===== Supplied records

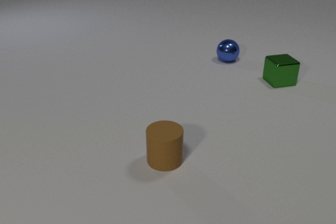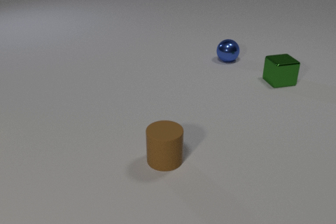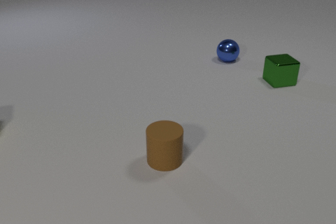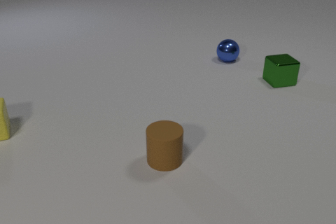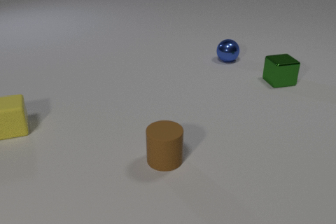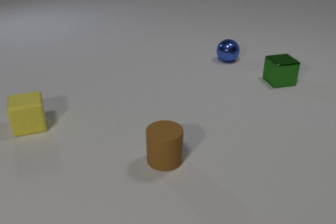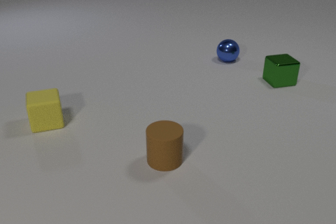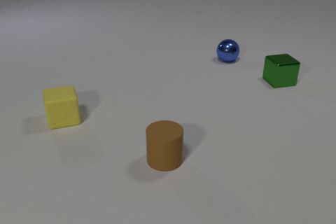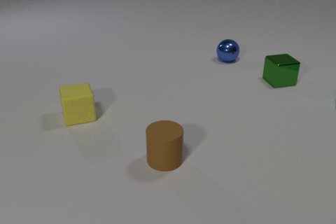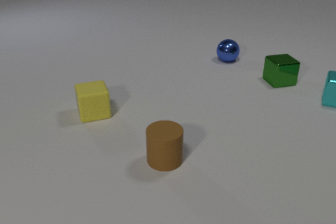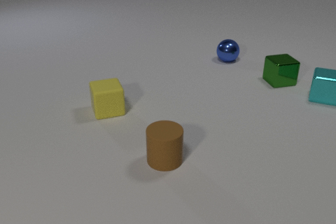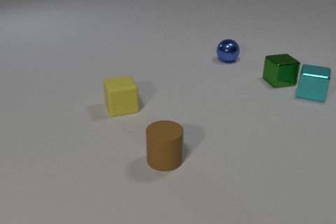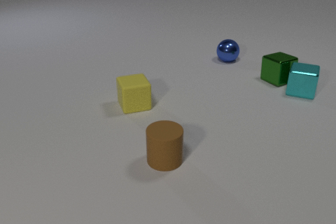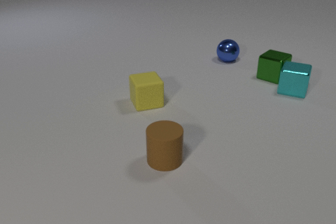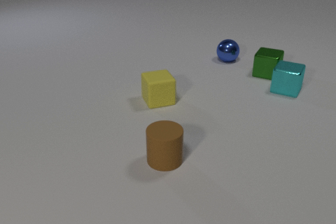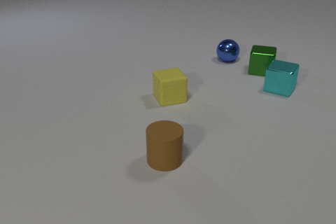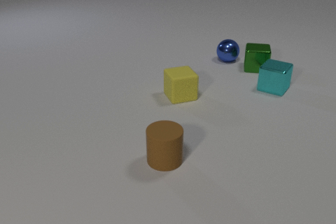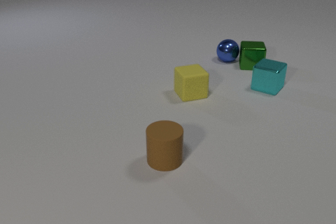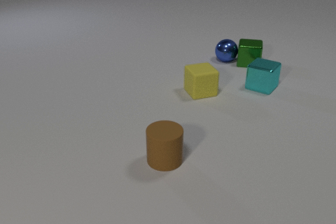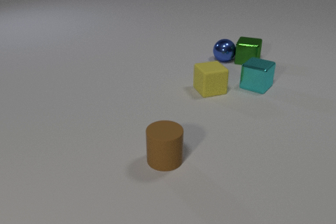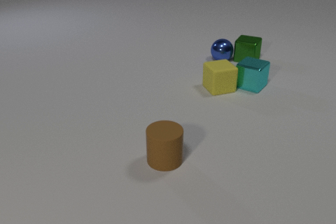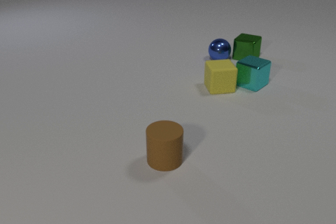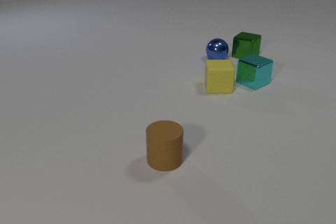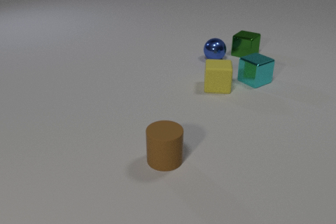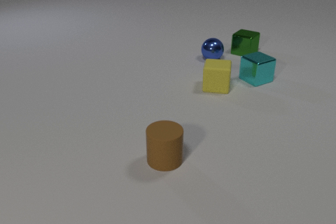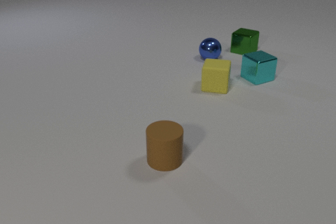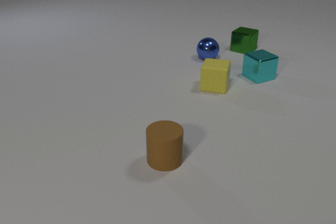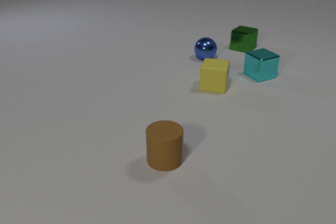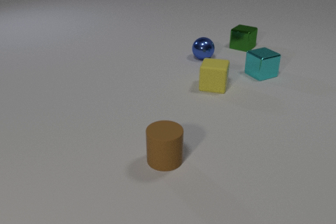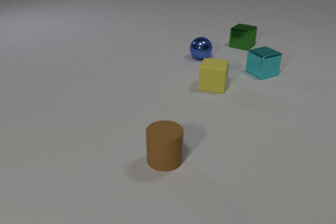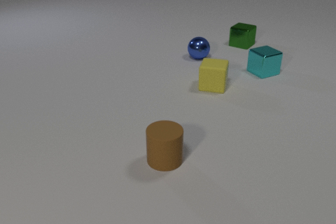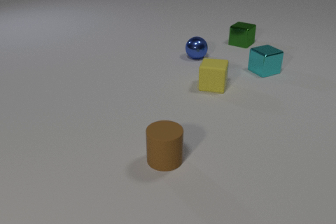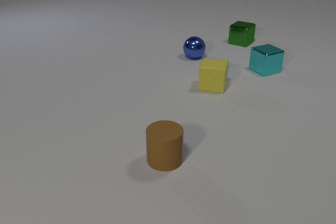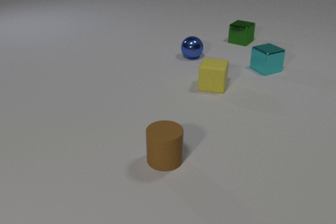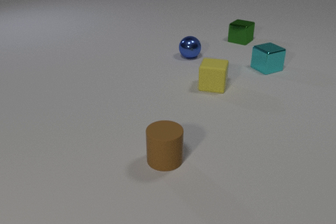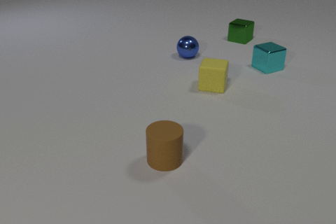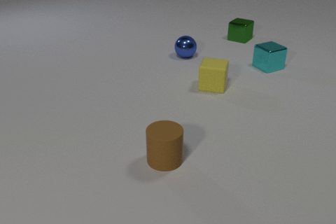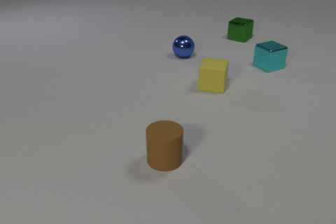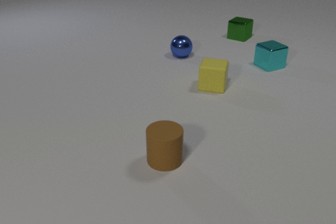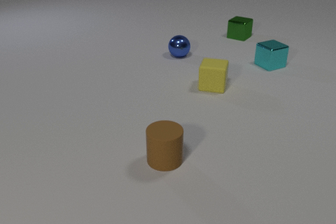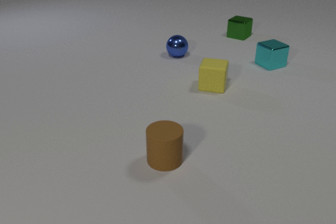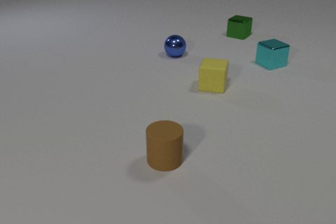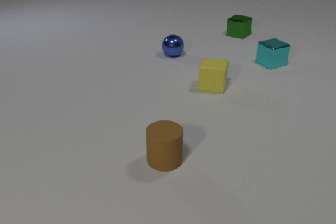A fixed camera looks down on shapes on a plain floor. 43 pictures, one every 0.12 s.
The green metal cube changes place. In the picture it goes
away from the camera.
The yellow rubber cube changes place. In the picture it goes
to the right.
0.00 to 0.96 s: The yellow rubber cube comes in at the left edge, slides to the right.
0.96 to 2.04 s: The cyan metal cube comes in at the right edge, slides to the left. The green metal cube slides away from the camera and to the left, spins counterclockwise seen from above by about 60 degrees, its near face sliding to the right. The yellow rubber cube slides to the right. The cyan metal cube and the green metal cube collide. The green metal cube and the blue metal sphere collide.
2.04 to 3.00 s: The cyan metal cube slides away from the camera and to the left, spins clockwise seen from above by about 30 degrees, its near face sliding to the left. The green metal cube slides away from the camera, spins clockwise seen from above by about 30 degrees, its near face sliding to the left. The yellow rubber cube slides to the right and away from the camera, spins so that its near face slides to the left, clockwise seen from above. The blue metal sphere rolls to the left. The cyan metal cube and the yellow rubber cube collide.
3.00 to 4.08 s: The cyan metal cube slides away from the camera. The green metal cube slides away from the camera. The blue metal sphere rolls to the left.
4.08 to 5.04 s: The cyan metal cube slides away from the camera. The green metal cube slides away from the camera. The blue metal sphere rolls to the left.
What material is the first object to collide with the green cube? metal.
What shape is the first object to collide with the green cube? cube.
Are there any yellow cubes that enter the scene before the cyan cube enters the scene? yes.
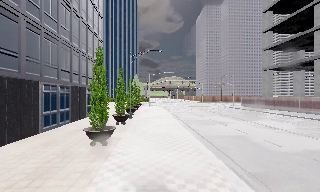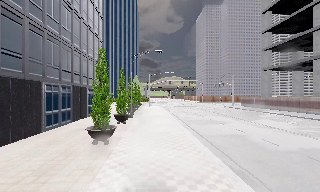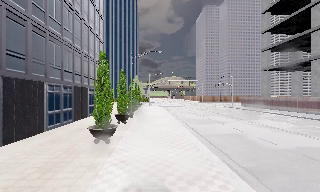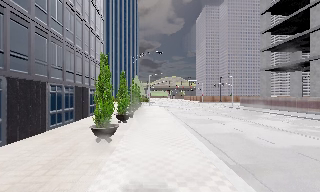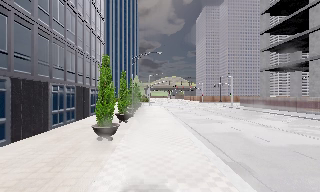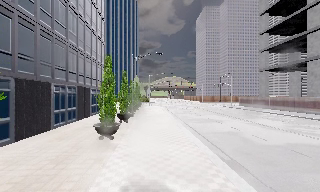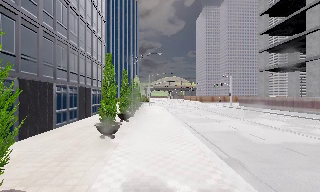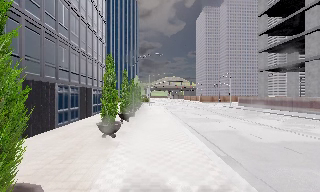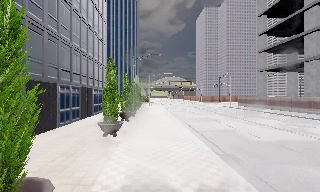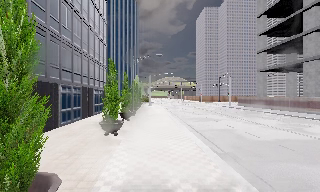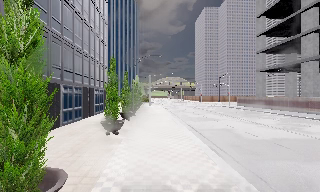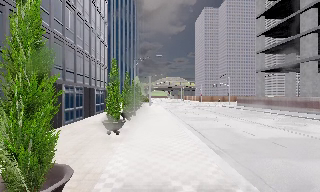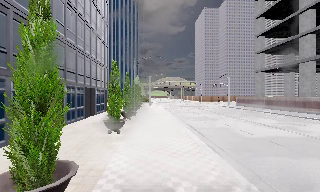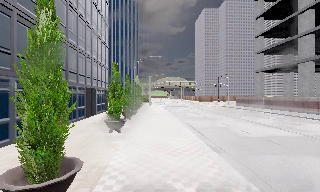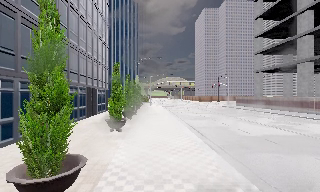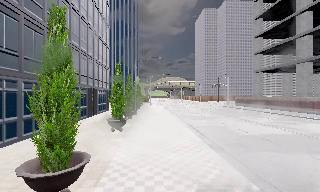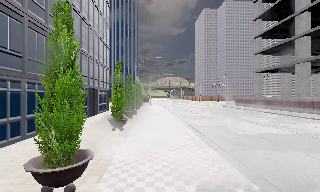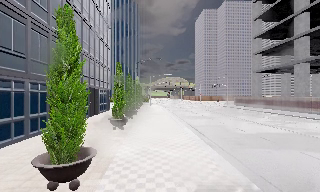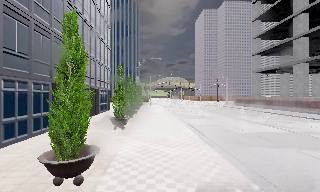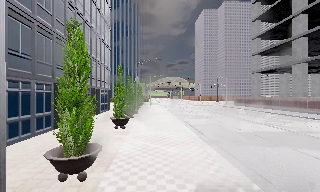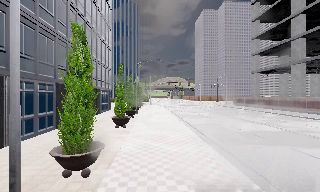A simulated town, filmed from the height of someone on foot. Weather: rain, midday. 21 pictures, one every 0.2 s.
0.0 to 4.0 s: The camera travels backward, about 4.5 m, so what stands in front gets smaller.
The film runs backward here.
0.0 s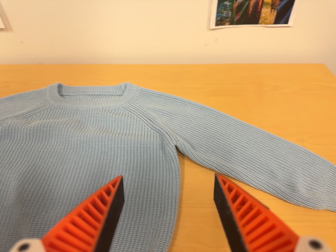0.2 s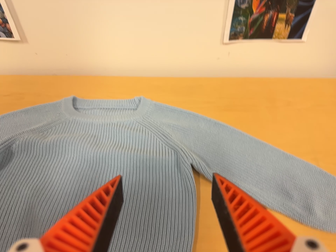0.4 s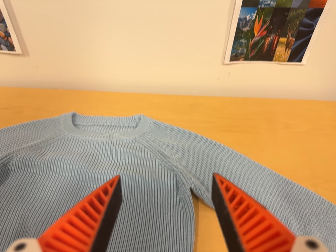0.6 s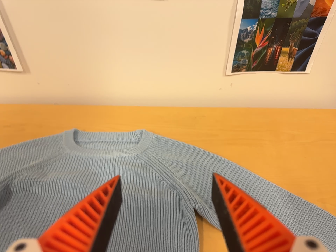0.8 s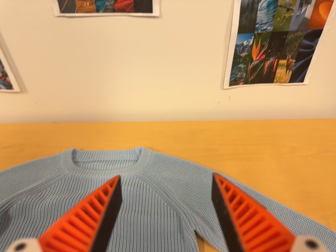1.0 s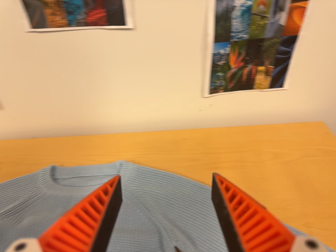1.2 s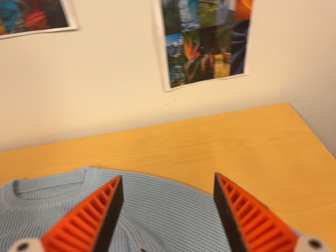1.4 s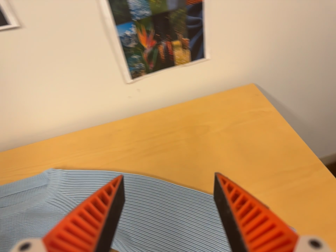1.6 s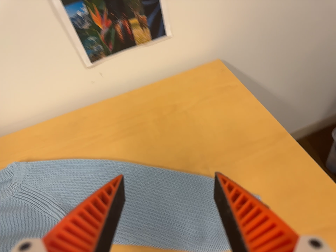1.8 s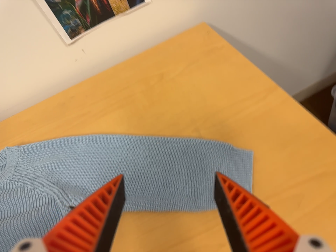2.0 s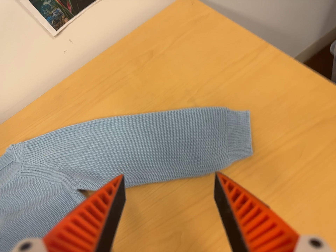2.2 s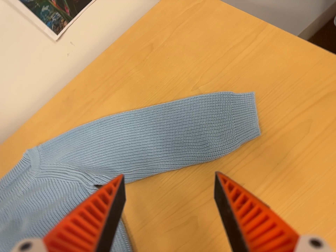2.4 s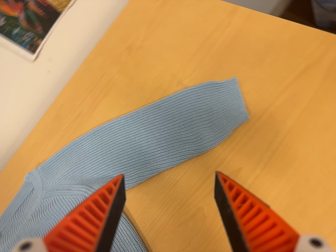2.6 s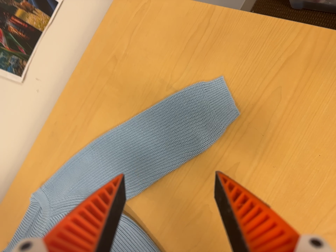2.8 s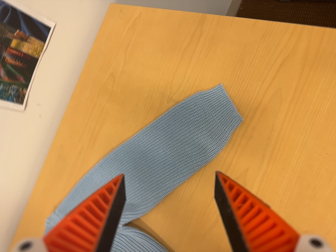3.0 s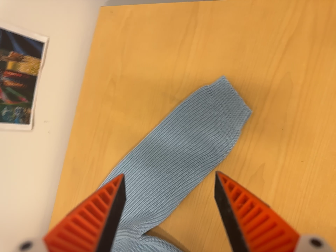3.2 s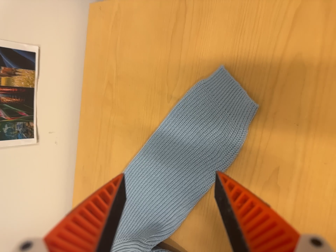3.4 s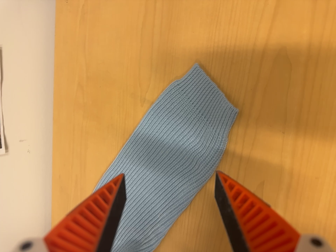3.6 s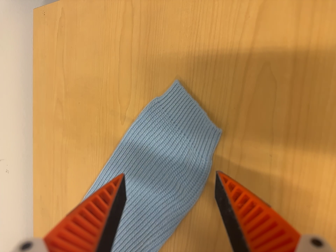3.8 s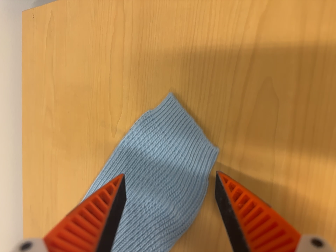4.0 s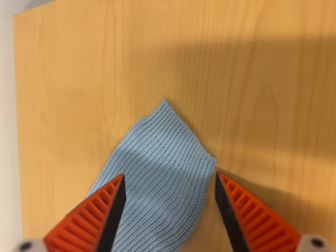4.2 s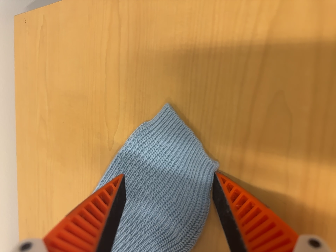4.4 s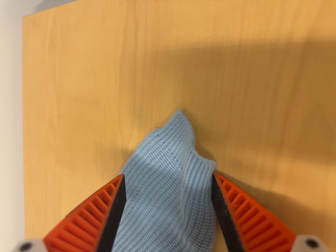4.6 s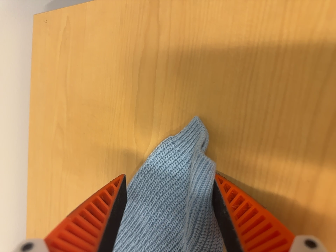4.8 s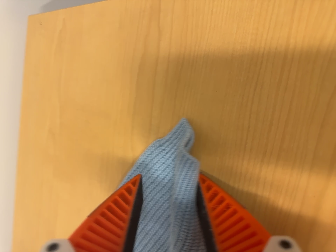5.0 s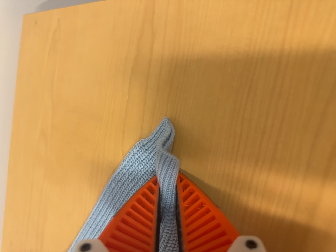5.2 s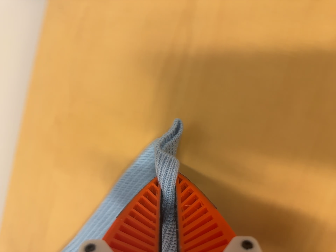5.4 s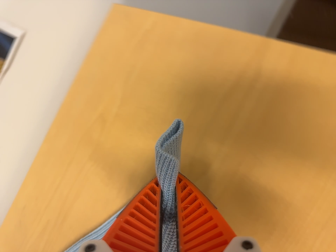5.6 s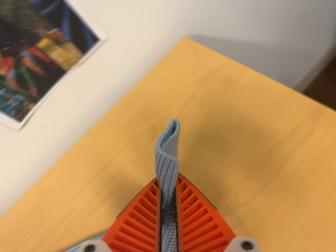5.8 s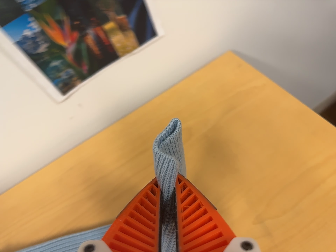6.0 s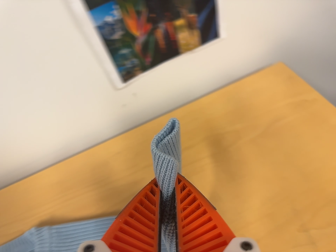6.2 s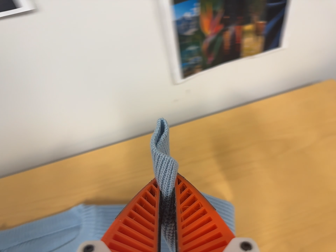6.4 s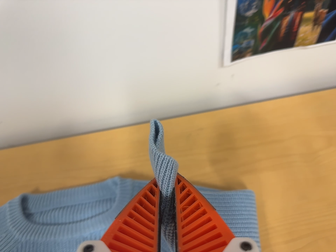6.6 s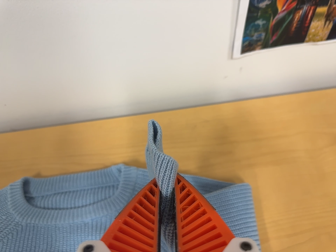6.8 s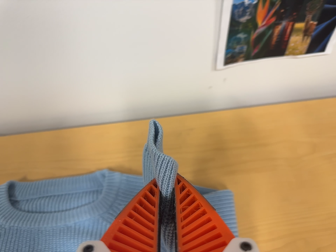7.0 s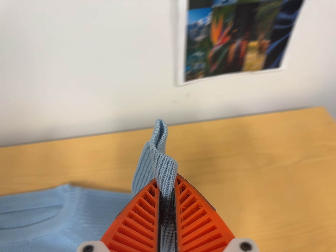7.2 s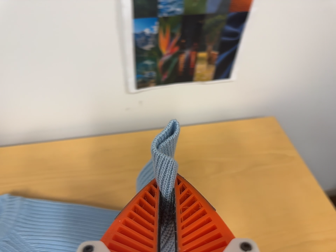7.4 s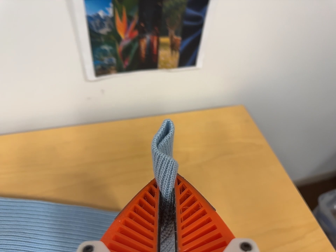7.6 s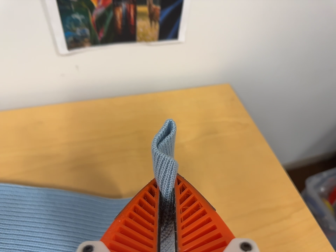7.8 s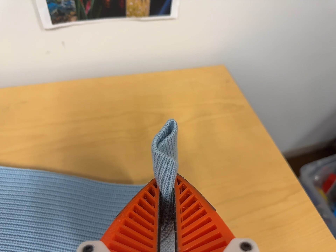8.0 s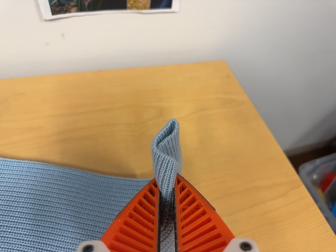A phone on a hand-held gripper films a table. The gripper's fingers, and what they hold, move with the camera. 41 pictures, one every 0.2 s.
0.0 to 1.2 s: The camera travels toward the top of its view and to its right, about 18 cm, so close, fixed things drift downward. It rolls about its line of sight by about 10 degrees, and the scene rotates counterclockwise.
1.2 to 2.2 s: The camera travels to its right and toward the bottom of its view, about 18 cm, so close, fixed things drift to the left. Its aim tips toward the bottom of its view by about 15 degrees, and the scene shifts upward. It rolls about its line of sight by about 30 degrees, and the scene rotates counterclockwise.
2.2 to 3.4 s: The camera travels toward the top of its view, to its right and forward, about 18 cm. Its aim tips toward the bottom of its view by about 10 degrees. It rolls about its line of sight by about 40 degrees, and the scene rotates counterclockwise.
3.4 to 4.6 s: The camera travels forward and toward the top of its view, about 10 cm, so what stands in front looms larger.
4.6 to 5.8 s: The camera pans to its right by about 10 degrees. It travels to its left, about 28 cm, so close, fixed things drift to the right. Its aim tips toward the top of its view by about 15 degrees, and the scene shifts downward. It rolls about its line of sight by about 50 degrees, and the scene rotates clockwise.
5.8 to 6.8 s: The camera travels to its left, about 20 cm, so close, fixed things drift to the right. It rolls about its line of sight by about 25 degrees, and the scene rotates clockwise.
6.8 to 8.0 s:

==========

Repeat only what runs from the first line of the records above to the line with "A simulated town, filmed", both included, word for word, minus the pictures.

■ Task answer
A fixed camera looks down on shapes on a plain floor. 43 pictures, one every 0.12 s.
The green metal cube changes place. In the picture it goes
away from the camera.
The yellow rubber cube changes place. In the picture it goes
to the right.
0.00 to 0.96 s: The yellow rubber cube comes in at the left edge, slides to the right.
0.96 to 2.04 s: The cyan metal cube comes in at the right edge, slides to the left. The green metal cube slides away from the camera and to the left, spins counterclockwise seen from above by about 60 degrees, its near face sliding to the right. The yellow rubber cube slides to the right. The cyan metal cube and the green metal cube collide. The green metal cube and the blue metal sphere collide.
2.04 to 3.00 s: The cyan metal cube slides away from the camera and to the left, spins clockwise seen from above by about 30 degrees, its near face sliding to the left. The green metal cube slides away from the camera, spins clockwise seen from above by about 30 degrees, its near face sliding to the left. The yellow rubber cube slides to the right and away from the camera, spins so that its near face slides to the left, clockwise seen from above. The blue metal sphere rolls to the left. The cyan metal cube and the yellow rubber cube collide.
3.00 to 4.08 s: The cyan metal cube slides away from the camera. The green metal cube slides away from the camera. The blue metal sphere rolls to the left.
4.08 to 5.04 s: The cyan metal cube slides away from the camera. The green metal cube slides away from the camera. The blue metal sphere rolls to the left.
What material is the first object to collide with the green cube? metal.
What shape is the first object to collide with the green cube? cube.
Are there any yellow cubes that enter the scene before the cyan cube enters the scene? yes.
A simulated town, filmed from the height of someone on foot. Weather: rain, midday. 21 pictures, one every 0.2 s.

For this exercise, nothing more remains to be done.